After a successful return to in-person programming in post-Covid 2022, Food Dialogues returns in 2023 with two weeks of events that connect, in diverse and nuanced ways, people and food systems across the city.
With events planned at the V&A Waterfront, Philippi Village, Langa and in community centres and faith centres across the city, Food Dialogues 2023 seeks to foster deeper and broader engagement with our food system, through inter-faith dining experiences, chef-lead culinary adventures, art exhibitions, walking tours, workshops and conference events.
Food Dialogues 2023 will introduce an online only conference event, as well as laying the foundation for Food Dialogues events in other African urban centres, thus creating both Pan- African and global connections around our food systems. This is a thread that will gather momentum over the next four years as Food Dialogues seeks to facilitate greater cross- border food system engagement.
A key focus area in 2023 will be our food system in polycrisis. We are barely out of a global pandemic, and are now dealing with load shedding, a pending water crisis, the impacts of climate change and potential natural system shocks. How do we strengthen our food systems to face these challenges?
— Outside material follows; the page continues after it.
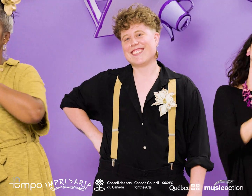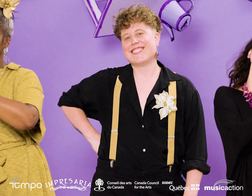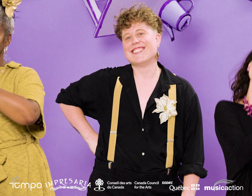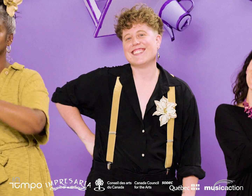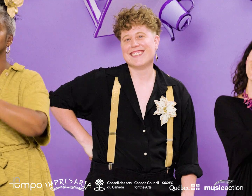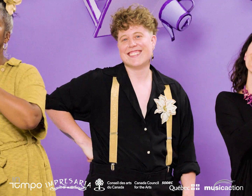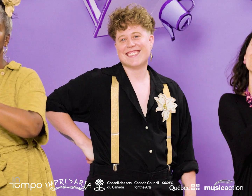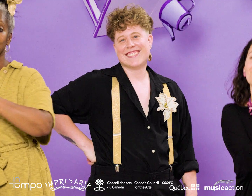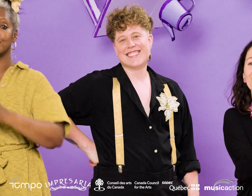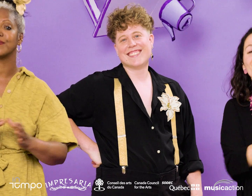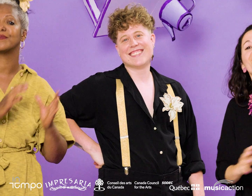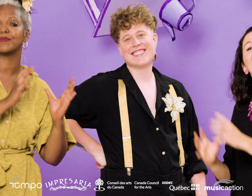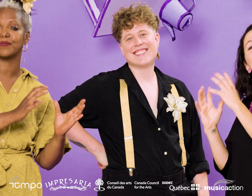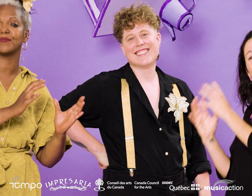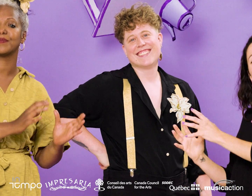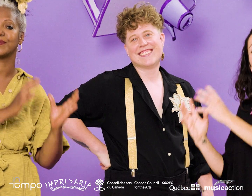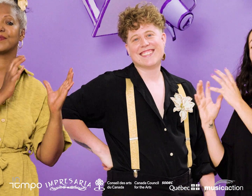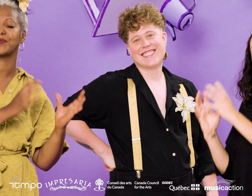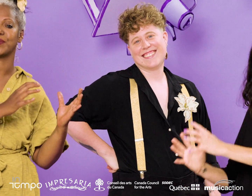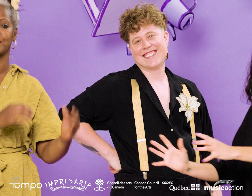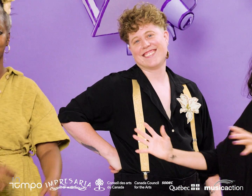l'entends noix est je me décore l'entends

How can the lens of decolonisation help us imagine alternative approaches? How do food businesses navigate ongoing periods of volatility, uncertainty and risk, and what future is in store for our food economy? Polycrisis as a theme will permeate all aspects of the programme.
The programme will open with The Polycrisis Pantry, a polycrisis dining experience curated and presented by food activist Zayaan Khan in collaboration with a local chef. Over multiple courses, invited diners will engage with the crises as they impact directly on our plates and in our bodies.
Where the 2022 edition of Food Dialogues looked at early childhood development and our food systems, 2023 looks at teenagers and food. How are teens experiencing and navigating
their food environments, what is the impact this has on learning, development, economics and health? Expect cooking experiences for teens, and workshops on improving opportunities for teens through access to better food.
Dialogues through Food, the popular eating part of the programme, will continue in 2023 with a range of chef-led culinary adventures, where the focus is on food stories and the why and the where of our food choices, as opposed to the how. This series will include a cooking adventure for children and their parents. Makers Landing, Bertha House, the OZCF and other locations across the city will host Dialogues through Food events.
New for 2023, under the banner of Dialogues through Food, will be a series of community- lead dining experiences focused on food and faith. The seed of this series was planted in 2022 with the Ayurvedic dining experience hosted by Michele Mistry of Indikaap. Faith organisations will host interfaith and inter-community dinners in a variety of spaces, exploring the links between food and spirituality.
The visual arts exhibition, initiated in 2022, will be expanded in collaboration with Langa gallery 16 on Lerotholi, drawing on their partnership with Everard Reid.
And the Food System Walking Tours created in 2022 will also be continued.
In 2022, Food Dialogues began with a Mandela Day event at Philippi Village. This year, the programme ends with a Mandela Day event on 18 July, building on the approach to community participation in building food system capacity that we created together with the Philippi Village.
Partner venues in 2023 include spaces across the V&A Waterfront, activist centre Bertha House in Mowbray, Philippi Village, 16 on Lerotholi Art Gallery in Langa.